We have $$f(x) = \begin{cases} 1, & x = \frac{1}{n}, n\in\Bbb Z \\ 0, & elsewhere \end{cases} $$
My proof is as follows.
For the sake of contradiction, assume $f(x)$ is continuous at $x= 0$. By the Sequential Continuity Theorem, for a sequence $x_n$, if $\lim_{n \to \infty} x_n = L$ and $f(x)$ is continuous at $x = L$, then $\lim_{n \to \infty} f(x_n) = f(L)$.
Let $\{x_n\}$ be a sequence such that $x_n = \frac{1}{n}$, $n = 1,2,3,...$. We have $\lim_{n \to \infty} x_n = \lim_{n \to \infty} \frac{1}{n} = 0$. Since we assumed $f(x)$ is continuous at $x = 0$, by SCT, we have $\lim_{n \to \infty} f(x_n) = f(0)$.
The LHS evalutes to $1$, since $f(x_n) = f(\frac{1}{n})$. The RHS evalutes to $0$, since no choice of $n$ can satisfy $\frac{1}{n} = 0$. So, $1 = 0$, a contradiction. As such, we conclude $f(x)$ cannot be continuous at $x = 0$.
Is this proof correct? Also, a second part to this question tells us that $f(x)$ cannot be made continuous by altering $f(0)$ and asks to prove this claim. I'm not sure why this is true, wouldn't alterning $f(0)$ to $1$ make it continuous?

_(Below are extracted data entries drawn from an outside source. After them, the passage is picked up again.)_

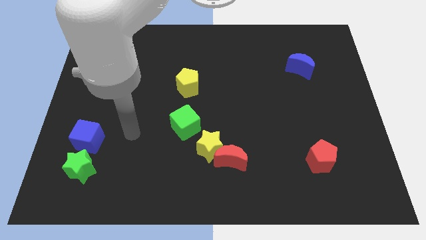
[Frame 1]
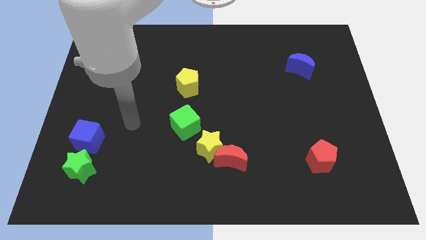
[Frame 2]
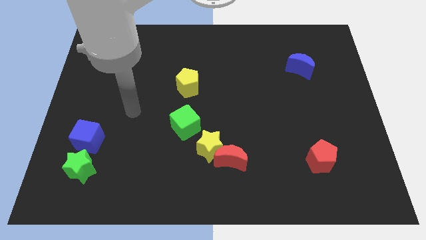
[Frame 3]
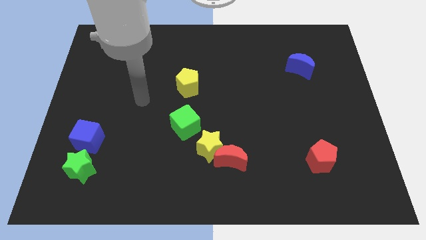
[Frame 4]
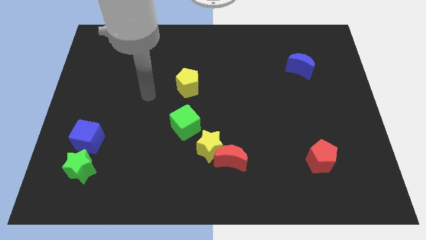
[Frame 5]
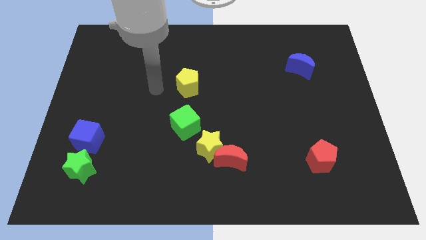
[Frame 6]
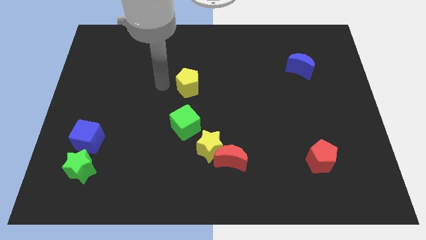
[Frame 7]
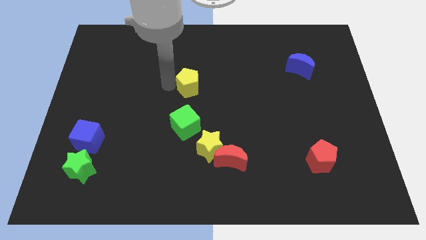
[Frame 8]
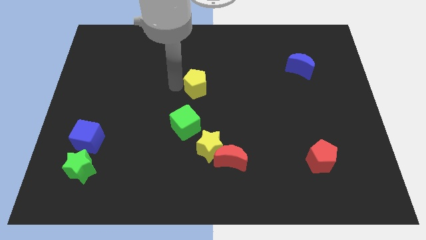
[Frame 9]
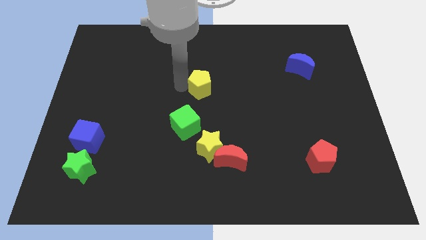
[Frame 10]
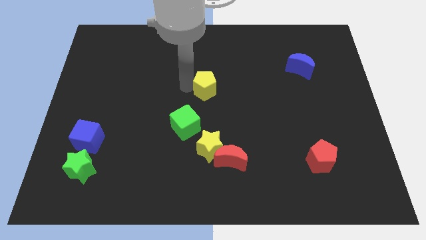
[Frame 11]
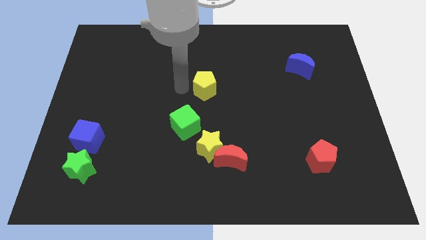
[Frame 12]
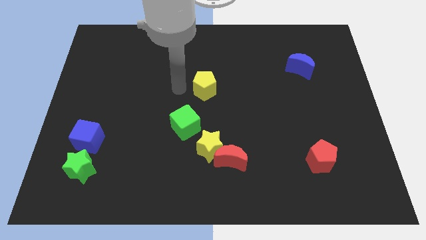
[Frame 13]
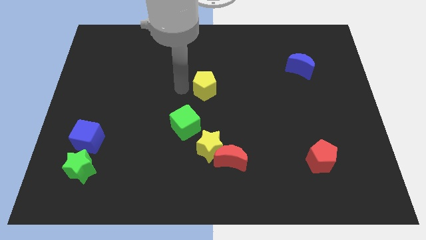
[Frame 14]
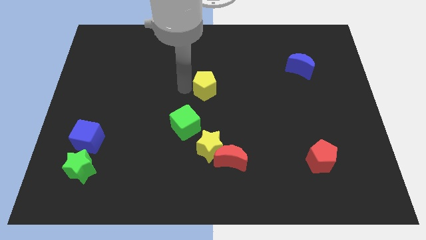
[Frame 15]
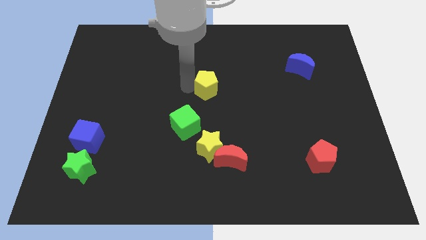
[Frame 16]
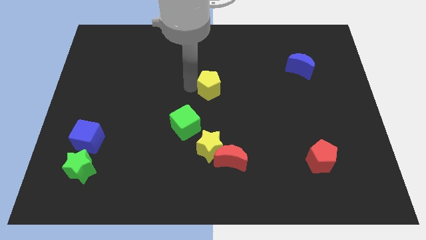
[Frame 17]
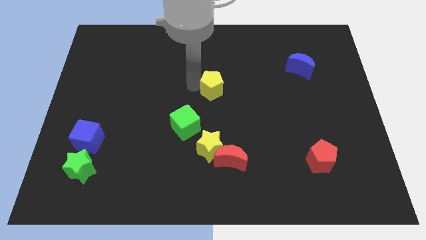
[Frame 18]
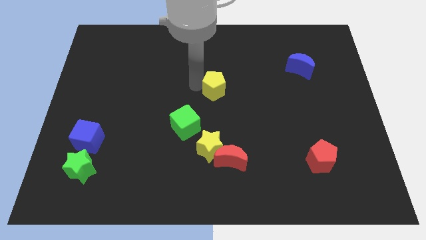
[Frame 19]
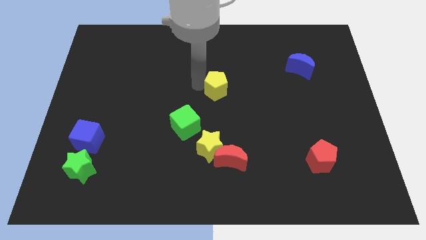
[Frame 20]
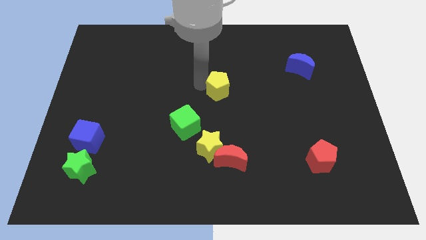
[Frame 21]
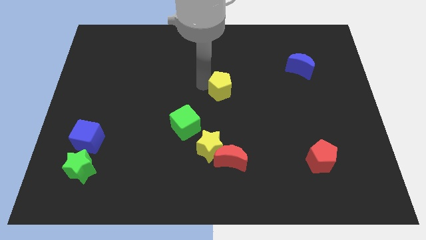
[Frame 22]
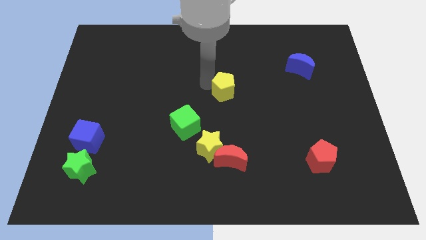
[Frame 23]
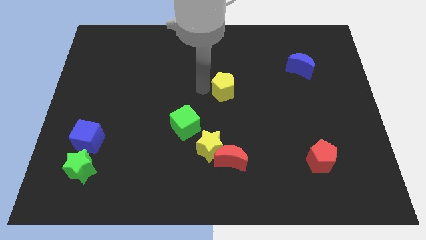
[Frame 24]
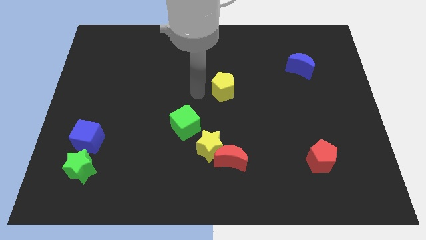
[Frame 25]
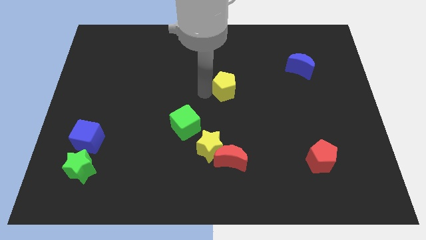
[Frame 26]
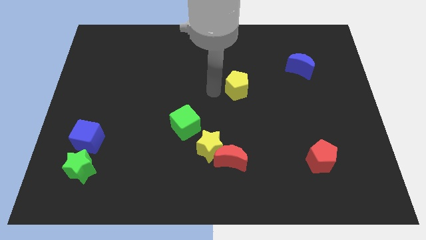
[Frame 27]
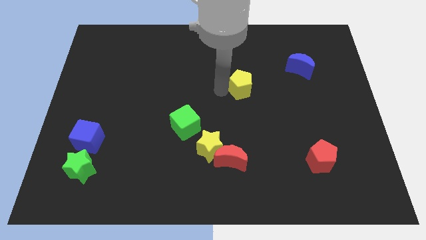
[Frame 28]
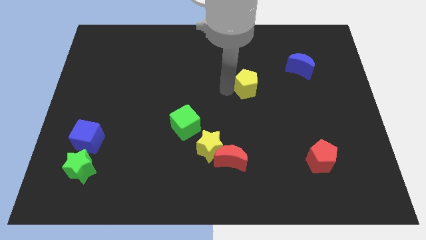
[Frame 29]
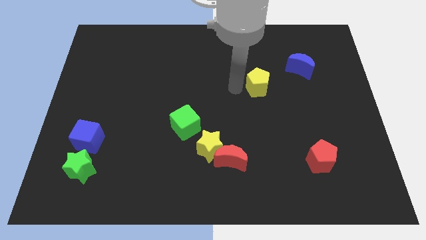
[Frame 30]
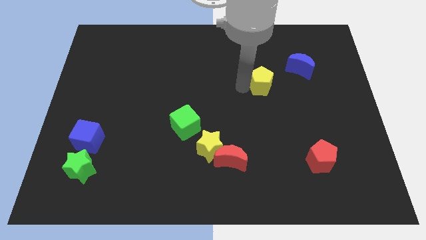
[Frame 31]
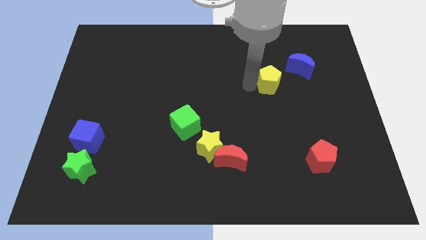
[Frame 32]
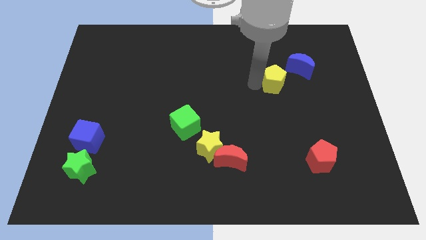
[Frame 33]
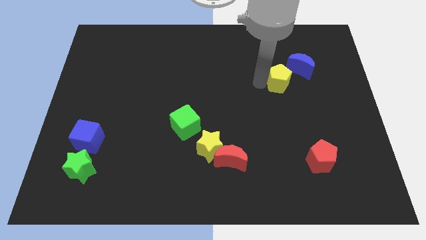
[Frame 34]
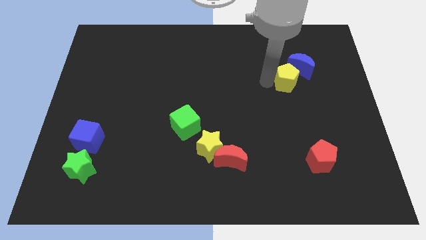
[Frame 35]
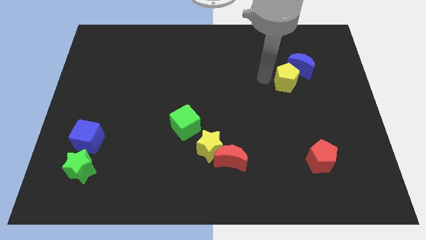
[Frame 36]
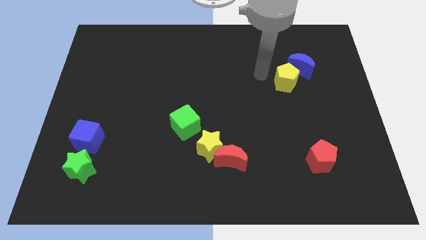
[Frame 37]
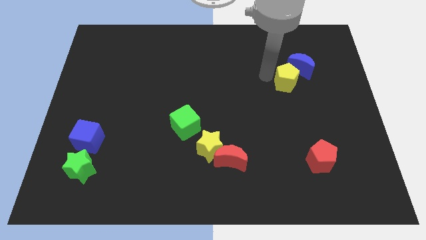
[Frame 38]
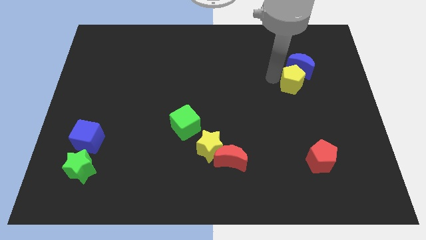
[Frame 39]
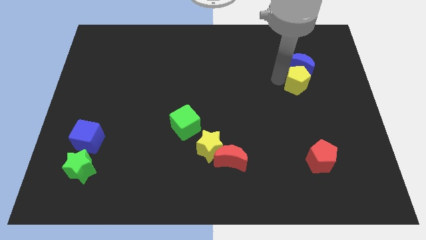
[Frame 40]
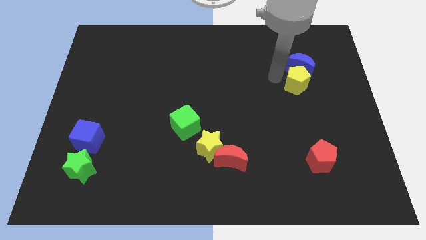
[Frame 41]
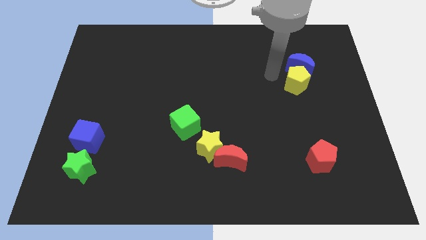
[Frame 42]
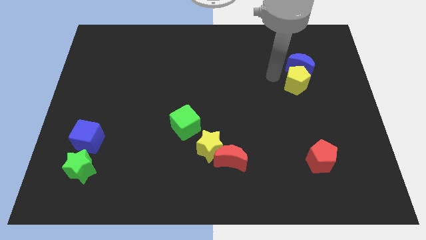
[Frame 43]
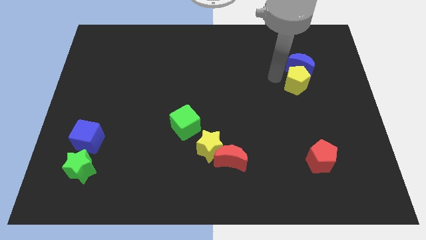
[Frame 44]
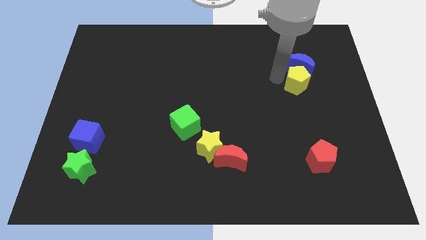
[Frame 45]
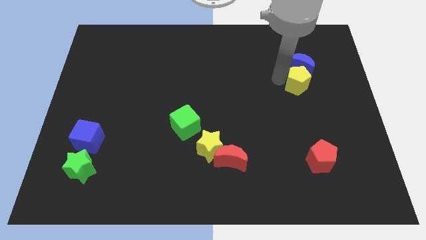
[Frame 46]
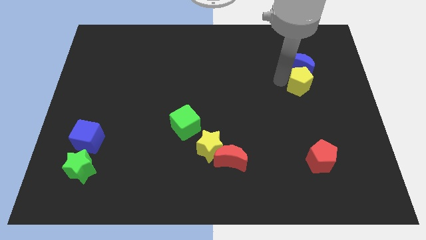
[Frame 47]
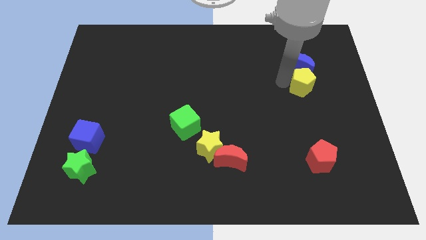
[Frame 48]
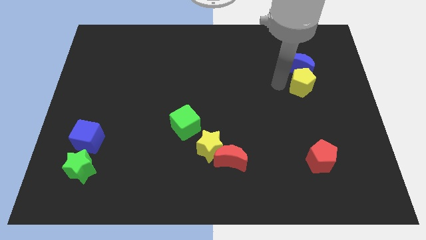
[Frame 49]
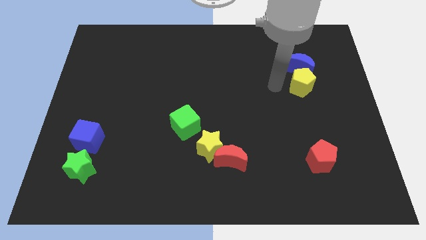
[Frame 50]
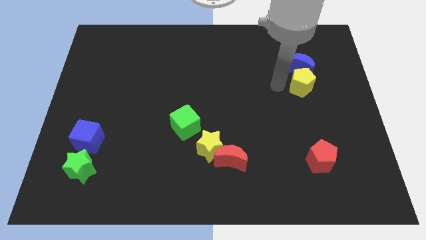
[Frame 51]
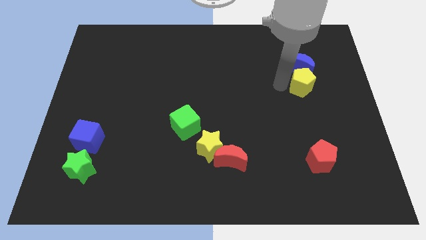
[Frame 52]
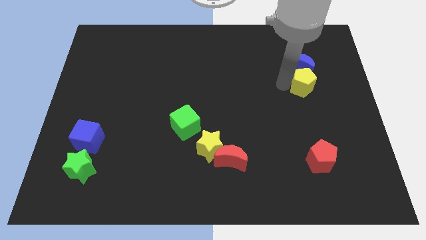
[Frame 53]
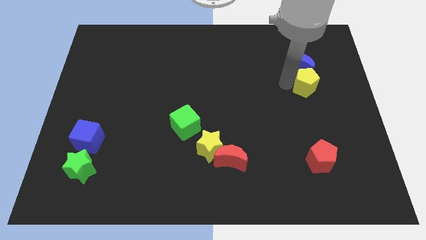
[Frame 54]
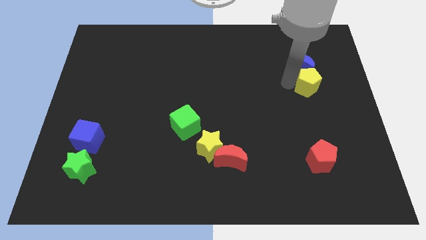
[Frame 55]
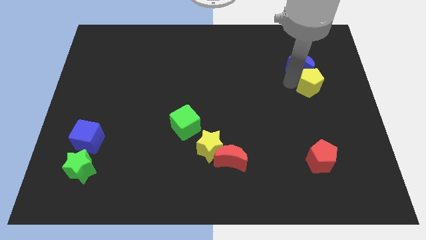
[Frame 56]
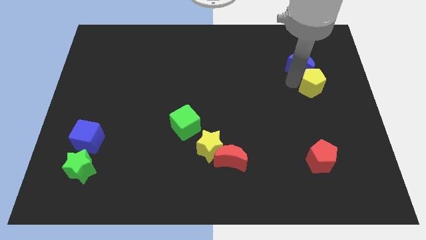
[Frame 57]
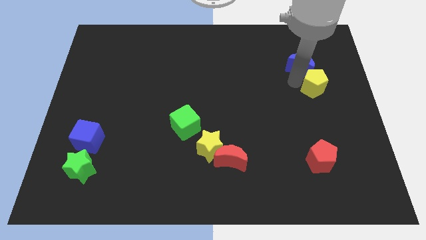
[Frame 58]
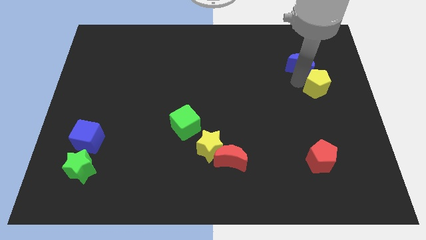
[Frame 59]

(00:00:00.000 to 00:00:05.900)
push the yellow pentagon to the right side of the board

The first proof has some error. It is that $f(1/n)=1\rightarrow 1$, so $f(0)=1$, but $f(0)=0$, then this is a contradiction.
Now turn the second part.
Assume that $f(0)$ is defined as any other number, we still have $f(1/n)=1\rightarrow 1$, so if it were continuous at $x=0$, then we must have $f(0)=1$. But now $f(q_{n})=0$ for a sequence $(q_{n})$ of irrational numbers such that $q_{n}\rightarrow 0$, then $f(0)=\lim_{n}f(q_{n})=0$, once again we get $1=0$, a contradiction.